Hwang Sung Jae, a PhD candidate at the Graduate School of Cultural Technology, developed a Virtual Thumb technology that allows multi-touch functions with one hand. Hwang got his idea from limitations of current mobile phones, including the covering of the screen by the use of fingers and the fact that multi-touch functions are hard to perform with one hand holding the mobile phone.


With this technology, one finger gives the same effect of using both fingers to perform a function. Using the Virtual Thumb that appears on a point corresponding to the point of physical touch, movements corresponding to actual touch movements are mimed to allow zooming in/out and various rotation angle based functions.

In addition, in situations where object rotation is unnecessary, many functions are subjectively matched using the change in rotational angle. It allows for various commands are simultaneously executed without activating a separate commanding menu. In the case of the zoom in command at a corner region, the corner can be zoomed in without moving the object to the center of the screen.

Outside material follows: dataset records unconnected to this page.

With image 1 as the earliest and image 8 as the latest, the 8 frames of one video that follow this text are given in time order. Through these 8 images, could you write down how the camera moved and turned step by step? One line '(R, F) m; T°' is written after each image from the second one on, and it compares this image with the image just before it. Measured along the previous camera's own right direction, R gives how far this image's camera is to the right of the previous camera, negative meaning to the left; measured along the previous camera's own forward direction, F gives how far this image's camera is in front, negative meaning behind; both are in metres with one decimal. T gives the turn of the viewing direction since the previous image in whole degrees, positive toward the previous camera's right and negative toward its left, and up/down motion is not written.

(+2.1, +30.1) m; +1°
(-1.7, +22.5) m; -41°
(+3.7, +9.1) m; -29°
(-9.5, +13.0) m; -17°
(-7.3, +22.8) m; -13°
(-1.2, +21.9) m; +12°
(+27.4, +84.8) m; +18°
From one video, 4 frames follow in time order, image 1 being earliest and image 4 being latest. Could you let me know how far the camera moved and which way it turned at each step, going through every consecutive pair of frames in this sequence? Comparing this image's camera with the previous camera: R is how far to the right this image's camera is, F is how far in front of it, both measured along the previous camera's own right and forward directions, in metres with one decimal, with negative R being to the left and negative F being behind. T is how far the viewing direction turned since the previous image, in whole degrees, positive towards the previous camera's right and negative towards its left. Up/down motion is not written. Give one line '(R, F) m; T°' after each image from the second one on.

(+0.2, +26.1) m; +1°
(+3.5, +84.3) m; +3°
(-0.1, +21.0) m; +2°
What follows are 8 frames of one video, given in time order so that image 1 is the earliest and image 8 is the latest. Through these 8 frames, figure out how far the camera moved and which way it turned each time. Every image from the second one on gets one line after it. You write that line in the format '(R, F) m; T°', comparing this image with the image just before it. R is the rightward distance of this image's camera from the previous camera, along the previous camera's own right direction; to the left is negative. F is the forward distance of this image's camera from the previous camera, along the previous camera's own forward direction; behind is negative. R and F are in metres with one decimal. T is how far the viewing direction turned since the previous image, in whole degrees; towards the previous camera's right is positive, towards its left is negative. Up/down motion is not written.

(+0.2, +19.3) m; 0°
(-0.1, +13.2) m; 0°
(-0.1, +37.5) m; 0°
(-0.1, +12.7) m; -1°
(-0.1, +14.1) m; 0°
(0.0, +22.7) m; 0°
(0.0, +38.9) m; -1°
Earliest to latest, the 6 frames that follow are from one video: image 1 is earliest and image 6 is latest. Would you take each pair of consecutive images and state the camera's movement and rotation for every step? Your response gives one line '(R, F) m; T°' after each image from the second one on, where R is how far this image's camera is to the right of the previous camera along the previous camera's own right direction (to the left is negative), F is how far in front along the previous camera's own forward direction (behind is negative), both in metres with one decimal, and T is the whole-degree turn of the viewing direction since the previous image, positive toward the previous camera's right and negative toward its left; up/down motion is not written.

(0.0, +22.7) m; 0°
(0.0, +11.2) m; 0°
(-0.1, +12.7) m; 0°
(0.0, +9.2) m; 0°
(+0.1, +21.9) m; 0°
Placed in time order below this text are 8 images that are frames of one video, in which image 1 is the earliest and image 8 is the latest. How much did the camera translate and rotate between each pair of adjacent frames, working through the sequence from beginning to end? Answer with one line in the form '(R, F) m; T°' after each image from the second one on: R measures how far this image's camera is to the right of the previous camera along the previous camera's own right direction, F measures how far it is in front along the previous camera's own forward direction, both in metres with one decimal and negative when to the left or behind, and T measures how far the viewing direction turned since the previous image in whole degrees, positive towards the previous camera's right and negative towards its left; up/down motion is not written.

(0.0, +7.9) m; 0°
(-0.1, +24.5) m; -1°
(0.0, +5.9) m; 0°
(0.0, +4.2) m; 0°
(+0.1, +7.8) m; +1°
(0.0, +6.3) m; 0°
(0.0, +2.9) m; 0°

The Virtual Thumb technology can be applied as a middleware on touch-based apparatus including TV remote controls, eBook, mobile phones, tablet PCs, navigation systems and educational apparatus.

“I am honored that a small idea that developed during research can be developed into an actual commercialized technology,” said Hwang. “I will become a researcher who will add to the academic and industrial fields through creative research in the future.”